No digging lately so I got really bored and started on some projects with the stuff I keep in boxes that I found digging pits


----------



## Clam (Feb 4, 2011)

More.....


----------



## Clam (Feb 4, 2011)

Some points and bullets with a gunflint........


----------



## Clam (Feb 4, 2011)

Buttons galore.....


----------



## AntiqueMeds (Feb 4, 2011)

whats that weird bullet on the left?


----------



## JOETHECROW (Feb 4, 2011)

The displays look real good,....Lot's of interesting items there...Good job.


----------



## Clam (Feb 4, 2011)

Best I can figure it was a elephant gun ! Measures .4885 so it was one big ass round.

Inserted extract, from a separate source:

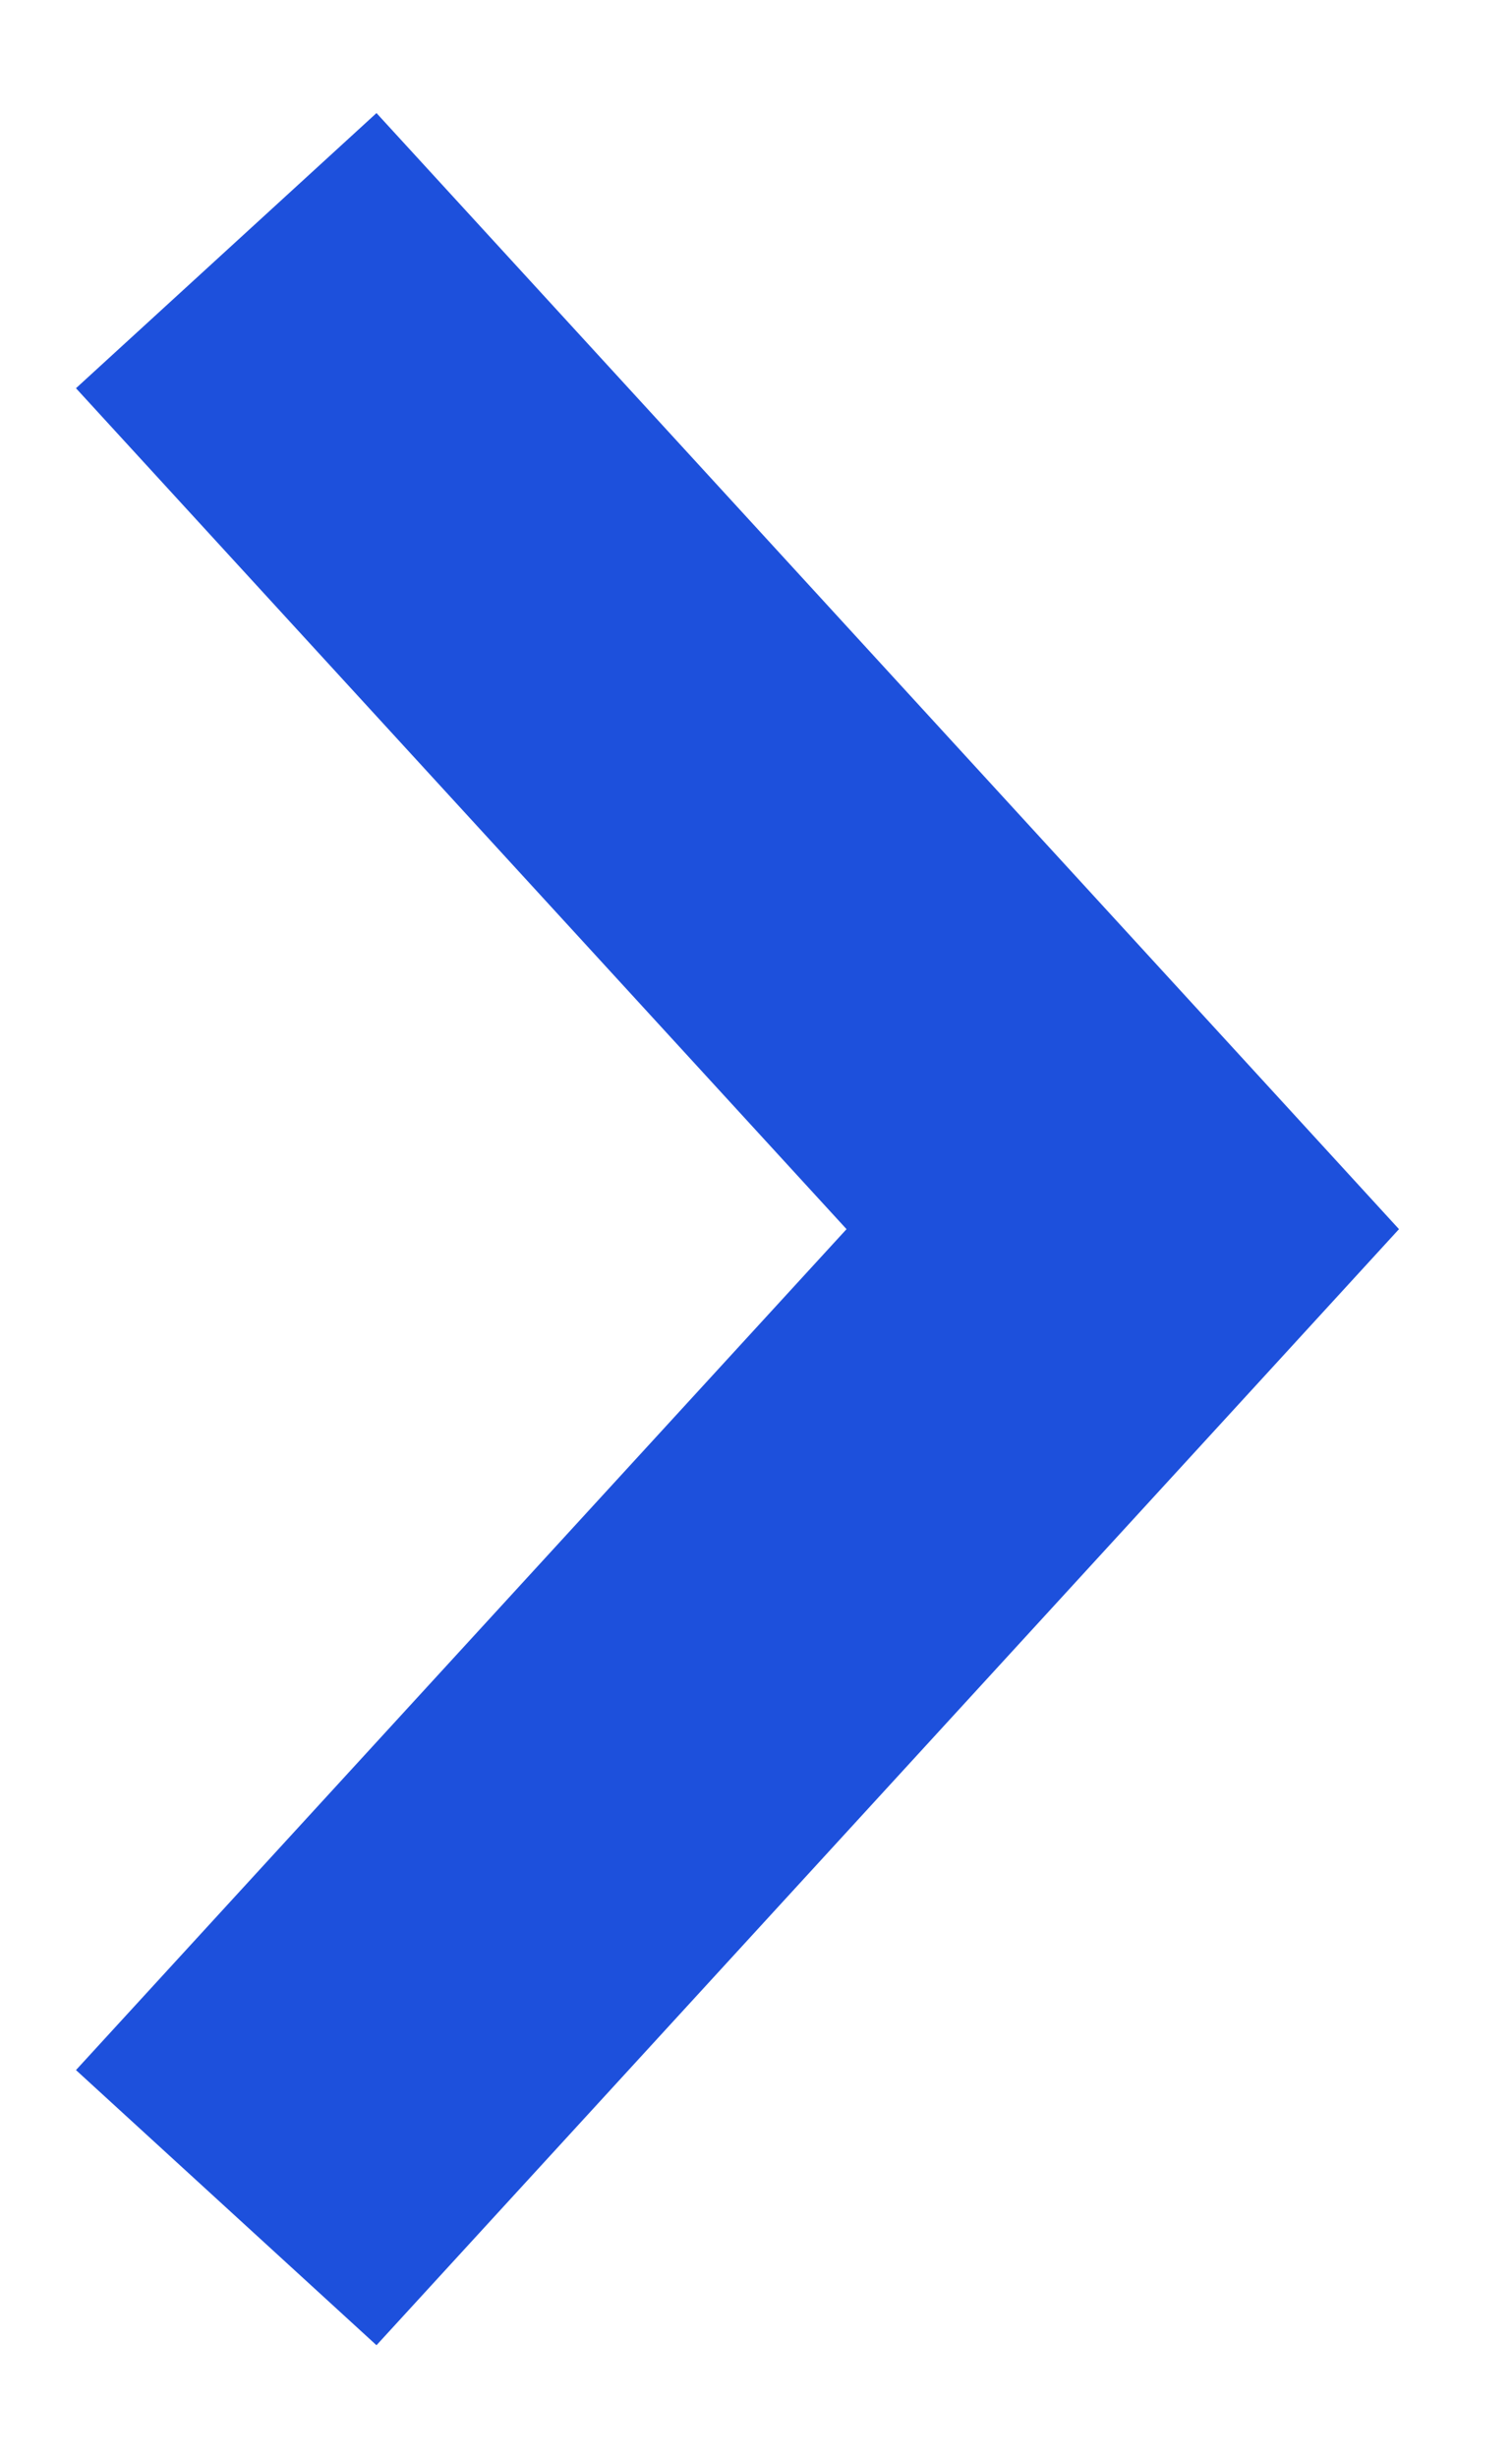 <svg width="8" height="13" viewBox="0 0 8 13" fill="none" xmlns="http://www.w3.org/2000/svg">
<path d="M7.402 6.5L6.735 7.228L1.992 12.402L0.402 10.947L4.479 6.5L0.402 2.053L1.992 0.598L6.735 5.772L7.402 6.5Z" fill="#1D50DC"/>
</svg>

The casings were still on them when we dug them but they just fell apart, could not read what was on the rim.


----------



## earlyglass (Feb 4, 2011)

Can you tell me what the embossing is on the seals?

 Mike


----------



## PrivyCheese (Feb 4, 2011)

COME ON!!!!!!!!!!!! Show the mandable.....We want to see it...Great stuff Gregg....show the darn thing dude.


----------



## Clam (Feb 5, 2011)

Ok John here you go......this thing would not fit into any of the frames I have...


----------



## Poison_Us (Feb 5, 2011)

> whats that weird bullet on the left?


 
 Many people worked on how to make bullets faster many years ago.  One method was to design it with these seal rings (for lack of a better term that escapes me at the moment)  This still creates the seal in the barrel needed while eliminating a good portion of friction from a bullet that was the same width all the way down.  This also alowed them to make larger bullets without increasing the amount of  force to push them out the barrel (by a whole lot), and possibly blowing up the gun.  This same idea is still used today in some molds that people use to make their own bullets, and in some lead pellets for BB/Pellet guns.


----------



## PrivyCheese (Feb 5, 2011)

Everytime I see it I think its so cool, and who might it be and how the heck it got thrown in a privy.


----------